BEGIN
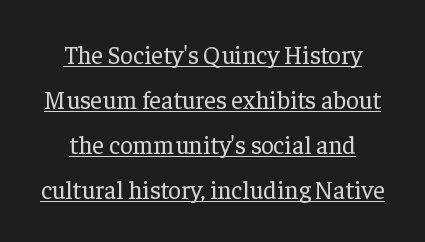
The setting favours the middle, as headings and verse often do. A rule runs beneath these lines of type. The letters stand straight up with perfectly vertical stems. Caption: standard tracking, unaltered.
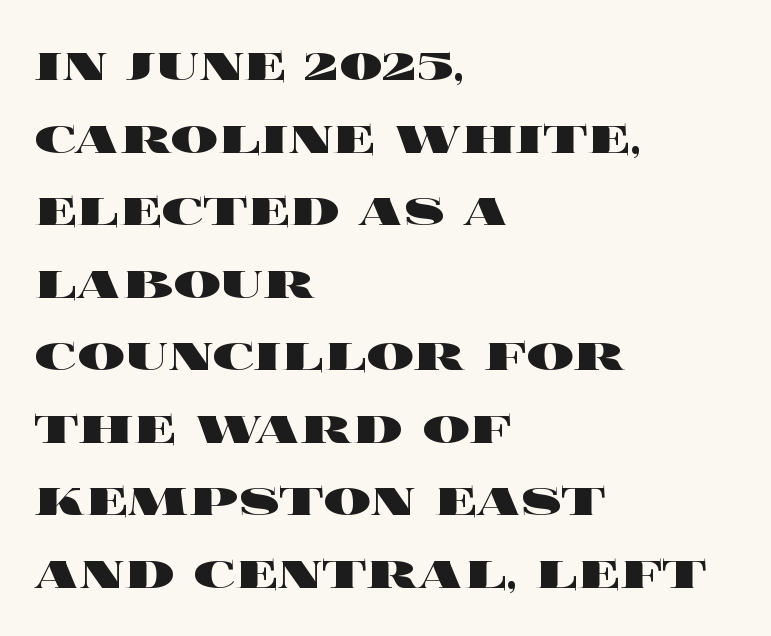
{"italic": "no", "bold": "yes", "weight": "heavy", "width": "wide", "x_height": "large", "monospaced": "no", "underline": "no", "align": "left", "line_spacing_ratio": 1.23, "letter_spacing": "normal", "letter_spacing_em": 0.0, "glyph_px": 59}
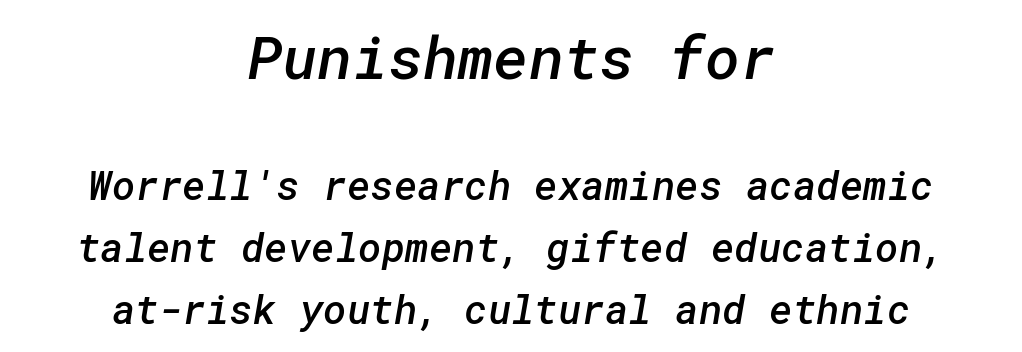
The image shows 60 px semibold sans-serif type; set centered, normal line spacing (1.56x), normal letter spacing, not underlined; the first (top) block is 1.5x larger; low stroke contrast and a medium x-height.
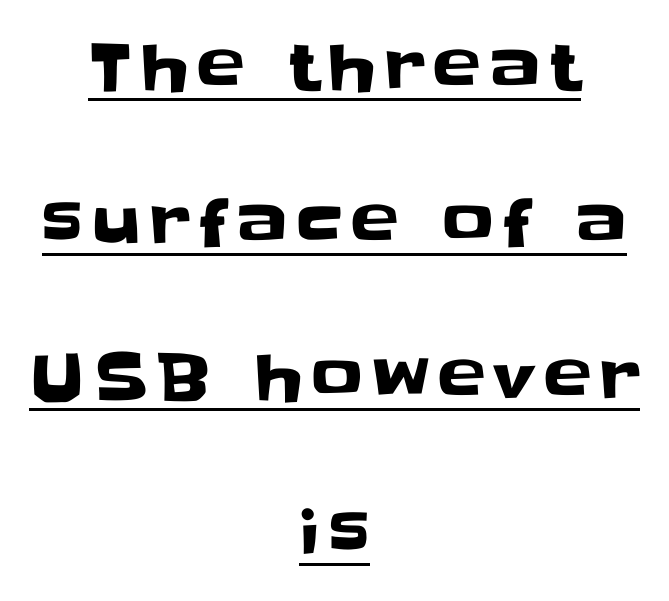
The type sits square on the baseline with zero lean. This rendering uses center alignment, leaving both contours irregular but symmetric. The vertical gap from one line to the next is large. The type family on display is of the sans-serif kind. A continuous stroke trails under the words, as in a hyperlink. Varying glyph widths throughout — classic text-font behaviour.
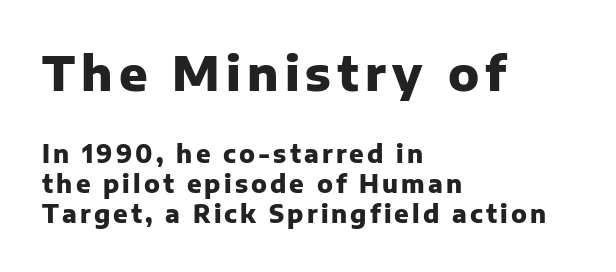
Ascenders rise straight up at ninety degrees. Spacing verdict: proportional, widths tailored to each character. The words here are not underlined. These lines stack with their left ends in a neat column. If you squint, the top block still reads clearly — it's the larger of the two. Unlike a traditional serif, this face leaves its strokes unadorned.
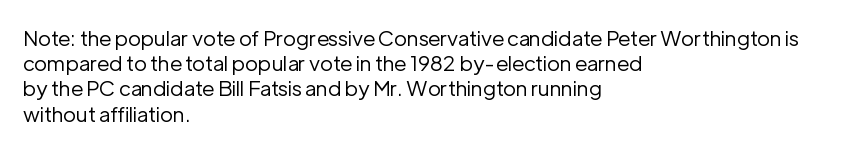
The image shows 21 px text type, upright; set left-aligned, line spacing 1.2x, normal letter spacing, not underlined.
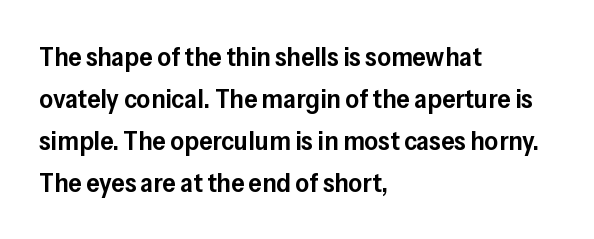
The image shows 27 px text type, upright; set left-aligned, normal line spacing (1.56x), normal letter spacing, not underlined.
END
◆ Goal of the exercise:
Write out, exactly and with nothing added, every line from the one that holds "Ascenders rise straight" to the end of the entries above; pictures stay out.

◆ Response for this exercise:
Ascenders rise straight up at ninety degrees. Spacing verdict: proportional, widths tailored to each character. The words here are not underlined. These lines stack with their left ends in a neat column. If you squint, the top block still reads clearly — it's the larger of the two. Unlike a traditional serif, this face leaves its strokes unadorned.
The image shows 21 px text type, upright; set left-aligned, line spacing 1.2x, normal letter spacing, not underlined.
The image shows 27 px text type, upright; set left-aligned, normal line spacing (1.56x), normal letter spacing, not underlined.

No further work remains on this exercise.